::: LISTED RECORDS :::
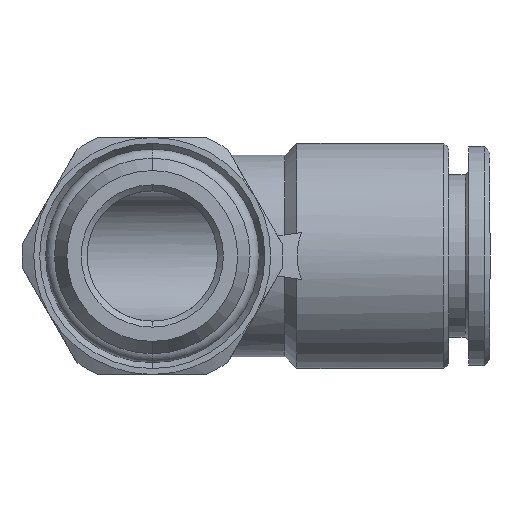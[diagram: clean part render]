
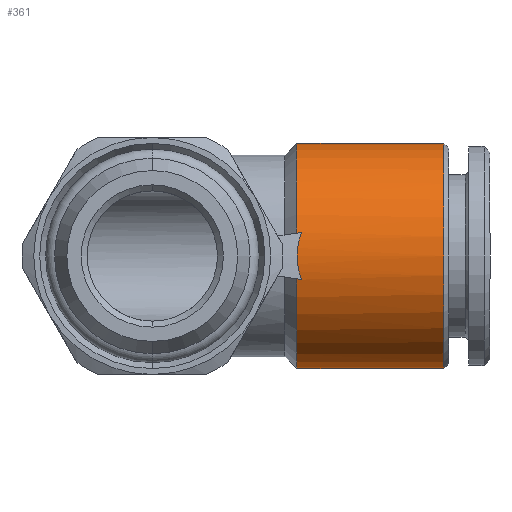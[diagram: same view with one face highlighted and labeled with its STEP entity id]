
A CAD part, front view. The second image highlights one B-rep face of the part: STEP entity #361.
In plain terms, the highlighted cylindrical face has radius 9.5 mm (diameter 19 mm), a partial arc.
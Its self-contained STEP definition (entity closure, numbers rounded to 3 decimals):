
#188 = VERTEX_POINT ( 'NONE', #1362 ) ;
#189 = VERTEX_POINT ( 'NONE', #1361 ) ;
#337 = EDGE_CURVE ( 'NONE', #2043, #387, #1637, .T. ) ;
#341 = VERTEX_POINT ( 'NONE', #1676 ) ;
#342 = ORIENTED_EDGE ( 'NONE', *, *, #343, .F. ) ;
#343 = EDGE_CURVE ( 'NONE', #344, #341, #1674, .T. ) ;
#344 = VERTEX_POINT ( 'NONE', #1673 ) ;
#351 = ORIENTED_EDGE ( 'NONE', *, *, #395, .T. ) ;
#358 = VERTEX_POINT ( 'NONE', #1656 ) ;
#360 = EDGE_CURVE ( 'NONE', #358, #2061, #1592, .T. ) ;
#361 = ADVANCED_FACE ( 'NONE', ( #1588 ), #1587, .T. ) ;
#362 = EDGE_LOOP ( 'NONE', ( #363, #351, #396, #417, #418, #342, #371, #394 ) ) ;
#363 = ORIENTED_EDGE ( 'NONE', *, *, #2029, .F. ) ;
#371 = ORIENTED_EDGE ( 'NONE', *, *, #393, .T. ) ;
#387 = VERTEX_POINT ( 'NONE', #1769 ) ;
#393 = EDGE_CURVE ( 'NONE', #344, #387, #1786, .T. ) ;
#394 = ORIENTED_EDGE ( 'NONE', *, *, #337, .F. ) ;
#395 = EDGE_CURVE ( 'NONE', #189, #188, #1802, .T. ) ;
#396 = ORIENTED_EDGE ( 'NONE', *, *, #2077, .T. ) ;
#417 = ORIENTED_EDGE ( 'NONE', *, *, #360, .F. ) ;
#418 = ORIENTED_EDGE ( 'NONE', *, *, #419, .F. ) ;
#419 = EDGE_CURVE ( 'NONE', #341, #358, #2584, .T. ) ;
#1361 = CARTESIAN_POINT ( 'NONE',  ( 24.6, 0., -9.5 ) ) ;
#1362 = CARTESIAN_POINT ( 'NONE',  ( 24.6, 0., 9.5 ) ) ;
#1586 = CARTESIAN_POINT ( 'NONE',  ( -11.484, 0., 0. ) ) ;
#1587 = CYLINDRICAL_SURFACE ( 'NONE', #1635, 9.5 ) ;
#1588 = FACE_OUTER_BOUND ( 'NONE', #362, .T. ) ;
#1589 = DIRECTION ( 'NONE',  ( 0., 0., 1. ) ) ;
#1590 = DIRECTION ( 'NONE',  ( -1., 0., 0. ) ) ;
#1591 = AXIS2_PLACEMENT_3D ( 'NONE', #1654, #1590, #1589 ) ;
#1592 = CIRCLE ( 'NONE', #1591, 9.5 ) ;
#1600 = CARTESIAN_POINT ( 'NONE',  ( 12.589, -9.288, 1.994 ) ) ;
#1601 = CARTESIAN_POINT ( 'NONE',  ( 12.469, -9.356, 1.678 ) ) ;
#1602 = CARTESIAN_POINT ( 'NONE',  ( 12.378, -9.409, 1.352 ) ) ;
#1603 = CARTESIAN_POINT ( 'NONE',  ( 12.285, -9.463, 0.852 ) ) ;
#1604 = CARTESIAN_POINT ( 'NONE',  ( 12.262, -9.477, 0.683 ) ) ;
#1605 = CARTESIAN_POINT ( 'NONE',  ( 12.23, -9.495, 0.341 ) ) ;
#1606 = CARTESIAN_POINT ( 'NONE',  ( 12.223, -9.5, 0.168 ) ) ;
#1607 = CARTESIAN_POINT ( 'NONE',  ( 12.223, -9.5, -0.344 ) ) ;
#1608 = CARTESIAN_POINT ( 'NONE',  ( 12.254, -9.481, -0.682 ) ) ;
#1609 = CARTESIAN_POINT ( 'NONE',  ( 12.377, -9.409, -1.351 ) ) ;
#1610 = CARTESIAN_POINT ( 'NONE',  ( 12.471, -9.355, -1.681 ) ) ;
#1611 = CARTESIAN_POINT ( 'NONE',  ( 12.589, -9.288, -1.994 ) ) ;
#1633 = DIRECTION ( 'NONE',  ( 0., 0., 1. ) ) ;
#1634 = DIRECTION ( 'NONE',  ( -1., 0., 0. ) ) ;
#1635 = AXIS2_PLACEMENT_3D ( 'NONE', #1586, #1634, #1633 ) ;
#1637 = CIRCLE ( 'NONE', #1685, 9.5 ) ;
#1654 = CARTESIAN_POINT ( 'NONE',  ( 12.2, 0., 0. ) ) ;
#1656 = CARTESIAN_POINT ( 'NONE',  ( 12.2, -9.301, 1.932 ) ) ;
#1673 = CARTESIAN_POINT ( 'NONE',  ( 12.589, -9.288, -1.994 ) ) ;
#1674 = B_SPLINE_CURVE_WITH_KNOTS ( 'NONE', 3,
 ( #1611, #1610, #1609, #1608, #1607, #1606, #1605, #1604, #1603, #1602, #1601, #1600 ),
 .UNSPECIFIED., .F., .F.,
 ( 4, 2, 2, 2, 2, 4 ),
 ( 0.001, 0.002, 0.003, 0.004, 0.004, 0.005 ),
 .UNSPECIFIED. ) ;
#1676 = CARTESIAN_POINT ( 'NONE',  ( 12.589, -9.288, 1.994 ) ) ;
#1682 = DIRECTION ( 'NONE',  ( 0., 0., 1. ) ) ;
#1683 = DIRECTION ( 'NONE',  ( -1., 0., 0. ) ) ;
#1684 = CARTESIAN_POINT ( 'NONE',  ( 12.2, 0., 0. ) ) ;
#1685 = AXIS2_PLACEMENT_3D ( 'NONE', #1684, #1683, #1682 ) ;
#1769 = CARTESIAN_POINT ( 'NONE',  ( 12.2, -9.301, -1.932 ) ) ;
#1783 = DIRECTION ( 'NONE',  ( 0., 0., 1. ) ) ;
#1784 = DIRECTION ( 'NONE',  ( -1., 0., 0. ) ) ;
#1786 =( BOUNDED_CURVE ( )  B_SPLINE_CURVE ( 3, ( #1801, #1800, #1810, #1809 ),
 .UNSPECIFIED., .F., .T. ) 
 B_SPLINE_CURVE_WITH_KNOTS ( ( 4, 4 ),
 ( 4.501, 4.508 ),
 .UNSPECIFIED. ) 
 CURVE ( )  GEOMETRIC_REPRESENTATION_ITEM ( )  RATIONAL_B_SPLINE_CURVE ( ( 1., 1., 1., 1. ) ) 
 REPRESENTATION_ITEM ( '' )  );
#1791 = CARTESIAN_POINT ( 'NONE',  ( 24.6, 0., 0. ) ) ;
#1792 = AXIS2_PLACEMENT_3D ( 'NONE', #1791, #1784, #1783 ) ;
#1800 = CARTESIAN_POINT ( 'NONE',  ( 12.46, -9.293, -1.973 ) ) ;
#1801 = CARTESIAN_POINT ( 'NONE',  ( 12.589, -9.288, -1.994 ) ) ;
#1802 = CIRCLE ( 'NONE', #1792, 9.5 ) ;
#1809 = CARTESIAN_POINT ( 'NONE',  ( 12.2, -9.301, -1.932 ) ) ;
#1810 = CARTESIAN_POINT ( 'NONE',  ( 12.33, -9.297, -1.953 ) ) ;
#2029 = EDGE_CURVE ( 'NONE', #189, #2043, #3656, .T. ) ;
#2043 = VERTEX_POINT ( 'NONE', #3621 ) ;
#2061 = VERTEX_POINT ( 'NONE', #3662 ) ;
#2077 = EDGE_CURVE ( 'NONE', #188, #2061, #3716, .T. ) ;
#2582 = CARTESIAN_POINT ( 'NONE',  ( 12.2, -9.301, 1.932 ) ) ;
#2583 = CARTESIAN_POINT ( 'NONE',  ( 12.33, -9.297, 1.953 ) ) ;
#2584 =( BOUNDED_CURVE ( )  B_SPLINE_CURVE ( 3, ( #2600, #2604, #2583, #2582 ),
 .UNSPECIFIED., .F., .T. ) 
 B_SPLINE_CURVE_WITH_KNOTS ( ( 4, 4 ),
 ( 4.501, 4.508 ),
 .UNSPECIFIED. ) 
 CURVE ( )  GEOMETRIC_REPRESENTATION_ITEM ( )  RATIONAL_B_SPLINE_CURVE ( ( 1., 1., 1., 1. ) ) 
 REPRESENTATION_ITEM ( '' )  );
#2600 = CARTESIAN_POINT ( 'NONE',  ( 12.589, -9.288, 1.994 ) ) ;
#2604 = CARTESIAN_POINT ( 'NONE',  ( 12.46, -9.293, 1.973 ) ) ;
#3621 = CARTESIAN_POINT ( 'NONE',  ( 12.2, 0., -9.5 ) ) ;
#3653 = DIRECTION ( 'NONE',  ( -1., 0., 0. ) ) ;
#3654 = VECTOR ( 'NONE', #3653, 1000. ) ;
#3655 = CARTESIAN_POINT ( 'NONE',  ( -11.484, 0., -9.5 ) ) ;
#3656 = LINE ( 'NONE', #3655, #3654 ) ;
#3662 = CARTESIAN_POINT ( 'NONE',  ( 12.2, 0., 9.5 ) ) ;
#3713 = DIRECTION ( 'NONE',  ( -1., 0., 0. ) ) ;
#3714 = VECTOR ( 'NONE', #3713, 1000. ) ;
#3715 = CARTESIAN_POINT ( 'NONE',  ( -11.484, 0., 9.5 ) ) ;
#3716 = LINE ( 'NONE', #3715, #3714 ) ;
:::
::: LISTED RECORDS :::
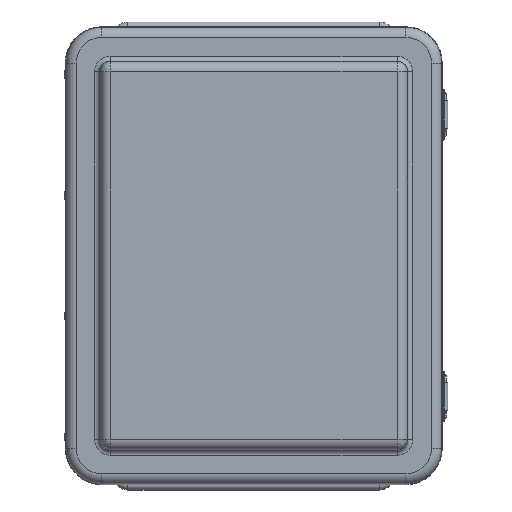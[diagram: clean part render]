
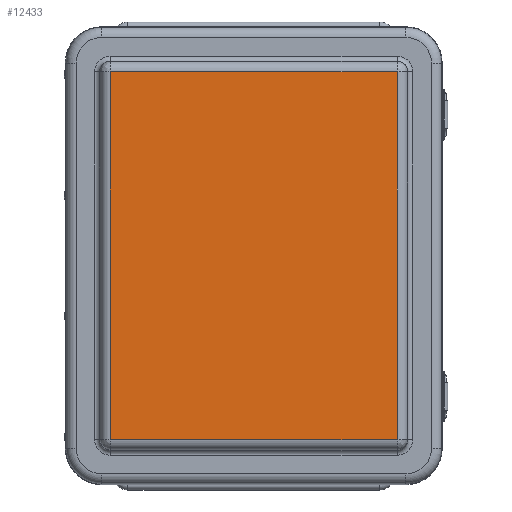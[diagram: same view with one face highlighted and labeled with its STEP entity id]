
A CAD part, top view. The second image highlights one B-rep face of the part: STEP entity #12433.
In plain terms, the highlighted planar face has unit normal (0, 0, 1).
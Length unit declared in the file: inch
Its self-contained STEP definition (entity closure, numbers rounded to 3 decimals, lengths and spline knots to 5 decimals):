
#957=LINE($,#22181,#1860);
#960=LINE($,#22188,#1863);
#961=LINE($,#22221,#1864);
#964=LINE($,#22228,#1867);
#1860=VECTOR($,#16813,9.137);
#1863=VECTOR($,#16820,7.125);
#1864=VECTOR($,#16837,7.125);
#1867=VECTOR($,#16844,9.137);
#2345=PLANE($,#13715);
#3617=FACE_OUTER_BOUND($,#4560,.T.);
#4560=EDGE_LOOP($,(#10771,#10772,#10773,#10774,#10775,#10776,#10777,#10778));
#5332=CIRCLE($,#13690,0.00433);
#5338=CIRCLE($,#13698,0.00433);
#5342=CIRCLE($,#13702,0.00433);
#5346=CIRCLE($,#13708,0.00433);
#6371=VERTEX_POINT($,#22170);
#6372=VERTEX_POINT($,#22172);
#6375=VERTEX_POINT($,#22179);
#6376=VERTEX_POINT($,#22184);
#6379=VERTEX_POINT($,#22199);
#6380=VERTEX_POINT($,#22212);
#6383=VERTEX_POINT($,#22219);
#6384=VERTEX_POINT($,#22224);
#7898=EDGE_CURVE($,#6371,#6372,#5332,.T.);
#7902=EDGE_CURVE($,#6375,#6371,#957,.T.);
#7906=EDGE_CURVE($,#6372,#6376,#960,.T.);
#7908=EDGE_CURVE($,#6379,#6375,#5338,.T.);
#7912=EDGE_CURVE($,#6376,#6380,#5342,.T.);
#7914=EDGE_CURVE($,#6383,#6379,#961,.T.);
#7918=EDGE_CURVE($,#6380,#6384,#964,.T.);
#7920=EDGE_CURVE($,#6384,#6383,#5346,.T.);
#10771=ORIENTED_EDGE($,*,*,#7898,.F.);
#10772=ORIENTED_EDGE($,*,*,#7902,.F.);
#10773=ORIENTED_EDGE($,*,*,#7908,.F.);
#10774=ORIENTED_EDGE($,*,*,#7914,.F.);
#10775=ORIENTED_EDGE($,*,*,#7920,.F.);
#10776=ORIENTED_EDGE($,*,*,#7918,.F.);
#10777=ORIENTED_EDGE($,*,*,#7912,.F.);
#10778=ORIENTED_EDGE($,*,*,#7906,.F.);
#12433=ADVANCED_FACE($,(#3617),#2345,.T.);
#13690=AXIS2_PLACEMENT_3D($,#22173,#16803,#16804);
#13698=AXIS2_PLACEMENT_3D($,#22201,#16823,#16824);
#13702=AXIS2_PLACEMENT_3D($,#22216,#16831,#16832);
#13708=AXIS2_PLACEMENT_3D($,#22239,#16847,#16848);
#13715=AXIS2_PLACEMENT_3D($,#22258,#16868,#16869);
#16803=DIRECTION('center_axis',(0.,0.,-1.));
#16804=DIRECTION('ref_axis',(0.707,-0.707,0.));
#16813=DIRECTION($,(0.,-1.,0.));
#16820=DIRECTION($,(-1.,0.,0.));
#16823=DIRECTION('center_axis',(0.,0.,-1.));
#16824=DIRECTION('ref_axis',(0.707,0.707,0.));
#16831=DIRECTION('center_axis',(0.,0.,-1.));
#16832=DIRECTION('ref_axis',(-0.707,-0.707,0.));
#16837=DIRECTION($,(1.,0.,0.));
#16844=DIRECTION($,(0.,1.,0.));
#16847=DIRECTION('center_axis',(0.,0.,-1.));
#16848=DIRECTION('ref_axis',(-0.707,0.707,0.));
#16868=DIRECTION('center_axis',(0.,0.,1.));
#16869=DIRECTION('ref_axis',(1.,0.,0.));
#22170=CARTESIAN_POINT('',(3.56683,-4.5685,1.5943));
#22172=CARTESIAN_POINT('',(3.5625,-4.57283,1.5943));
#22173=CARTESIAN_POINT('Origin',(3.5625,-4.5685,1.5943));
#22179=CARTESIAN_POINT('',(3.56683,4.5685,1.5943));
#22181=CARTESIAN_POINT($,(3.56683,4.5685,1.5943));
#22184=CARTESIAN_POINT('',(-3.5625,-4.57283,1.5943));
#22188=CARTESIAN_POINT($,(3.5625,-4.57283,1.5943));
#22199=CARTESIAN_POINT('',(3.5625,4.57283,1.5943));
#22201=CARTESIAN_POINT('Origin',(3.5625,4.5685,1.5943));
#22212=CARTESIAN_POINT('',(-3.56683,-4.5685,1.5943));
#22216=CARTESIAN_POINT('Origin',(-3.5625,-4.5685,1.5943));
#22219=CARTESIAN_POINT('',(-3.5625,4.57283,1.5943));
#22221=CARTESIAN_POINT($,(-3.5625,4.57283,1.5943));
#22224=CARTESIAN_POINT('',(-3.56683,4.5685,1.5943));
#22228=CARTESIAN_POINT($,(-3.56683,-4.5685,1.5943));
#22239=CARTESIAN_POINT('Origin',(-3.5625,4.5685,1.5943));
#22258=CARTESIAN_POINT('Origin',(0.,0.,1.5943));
:::
> **PROBLEM TO WORK ON**:
What is needed is a verbatim copy of every line in the records above from the one containing "#7920=EDGE_CURVE($,#6384,#6383,#5346,.T.);" down to the one containing "#13690=AXIS2_PLACEMENT_3D($,#22173,#16803,#16804);", both included, and nothing more.

> **RESULT FOR THIS TASK**:
#7920=EDGE_CURVE($,#6384,#6383,#5346,.T.);
#10771=ORIENTED_EDGE($,*,*,#7898,.F.);
#10772=ORIENTED_EDGE($,*,*,#7902,.F.);
#10773=ORIENTED_EDGE($,*,*,#7908,.F.);
#10774=ORIENTED_EDGE($,*,*,#7914,.F.);
#10775=ORIENTED_EDGE($,*,*,#7920,.F.);
#10776=ORIENTED_EDGE($,*,*,#7918,.F.);
#10777=ORIENTED_EDGE($,*,*,#7912,.F.);
#10778=ORIENTED_EDGE($,*,*,#7906,.F.);
#12433=ADVANCED_FACE($,(#3617),#2345,.T.);
#13690=AXIS2_PLACEMENT_3D($,#22173,#16803,#16804);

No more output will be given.